**TASK REQUIREMENTS:**
Repeat the data that follows, keeping every character intact.

**RECORDS FOR THE TASK:**
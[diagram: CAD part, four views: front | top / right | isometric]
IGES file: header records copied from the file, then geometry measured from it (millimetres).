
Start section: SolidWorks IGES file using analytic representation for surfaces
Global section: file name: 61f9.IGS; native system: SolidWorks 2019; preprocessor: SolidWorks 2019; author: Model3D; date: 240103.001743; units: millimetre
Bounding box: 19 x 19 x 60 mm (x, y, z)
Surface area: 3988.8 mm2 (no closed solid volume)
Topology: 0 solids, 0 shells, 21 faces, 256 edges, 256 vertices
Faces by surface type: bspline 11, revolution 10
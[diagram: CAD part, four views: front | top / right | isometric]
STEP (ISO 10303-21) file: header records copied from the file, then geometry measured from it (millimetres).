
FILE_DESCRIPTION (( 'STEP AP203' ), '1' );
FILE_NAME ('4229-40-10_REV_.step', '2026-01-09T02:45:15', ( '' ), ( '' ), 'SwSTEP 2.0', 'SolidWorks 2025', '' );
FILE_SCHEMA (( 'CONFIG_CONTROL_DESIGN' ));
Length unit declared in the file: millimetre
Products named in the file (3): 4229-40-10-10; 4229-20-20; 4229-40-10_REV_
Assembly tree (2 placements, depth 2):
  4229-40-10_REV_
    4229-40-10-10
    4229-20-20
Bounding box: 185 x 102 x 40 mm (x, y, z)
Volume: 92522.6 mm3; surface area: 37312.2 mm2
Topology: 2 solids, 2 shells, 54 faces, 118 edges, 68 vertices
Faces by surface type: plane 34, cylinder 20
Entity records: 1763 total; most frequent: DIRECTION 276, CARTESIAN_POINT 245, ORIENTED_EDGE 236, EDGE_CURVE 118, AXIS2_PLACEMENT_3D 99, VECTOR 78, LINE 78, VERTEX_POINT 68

**YOUR SOLUTION:**
[diagram: CAD part, four views: front | top / right | isometric]
IGES file: header records copied from the file, then geometry measured from it (millimetres).
Start section: SolidWorks IGES file using analytic representation for surfaces
Global section: file name: 61f9.IGS; native system: SolidWorks 2019; preprocessor: SolidWorks 2019; author: Model3D; date: 240103.001743; units: millimetre
Bounding box: 19 x 19 x 60 mm (x, y, z)
Surface area: 3988.8 mm2 (no closed solid volume)
Topology: 0 solids, 0 shells, 21 faces, 256 edges, 256 vertices
Faces by surface type: bspline 11, revolution 10
[diagram: CAD part, four views: front | top / right | isometric]
STEP (ISO 10303-21) file: header records copied from the file, then geometry measured from it (millimetres).
FILE_DESCRIPTION (( 'STEP AP203' ), '1' );
FILE_NAME ('4229-40-10_REV_.step', '2026-01-09T02:45:15', ( '' ), ( '' ), 'SwSTEP 2.0', 'SolidWorks 2025', '' );
FILE_SCHEMA (( 'CONFIG_CONTROL_DESIGN' ));
Length unit declared in the file: millimetre
Products named in the file (3): 4229-40-10-10; 4229-20-20; 4229-40-10_REV_
Assembly tree (2 placements, depth 2):
  4229-40-10_REV_
    4229-40-10-10
    4229-20-20
Bounding box: 185 x 102 x 40 mm (x, y, z)
Volume: 92522.6 mm3; surface area: 37312.2 mm2
Topology: 2 solids, 2 shells, 54 faces, 118 edges, 68 vertices
Faces by surface type: plane 34, cylinder 20
Entity records: 1763 total; most frequent: DIRECTION 276, CARTESIAN_POINT 245, ORIENTED_EDGE 236, EDGE_CURVE 118, AXIS2_PLACEMENT_3D 99, VECTOR 78, LINE 78, VERTEX_POINT 68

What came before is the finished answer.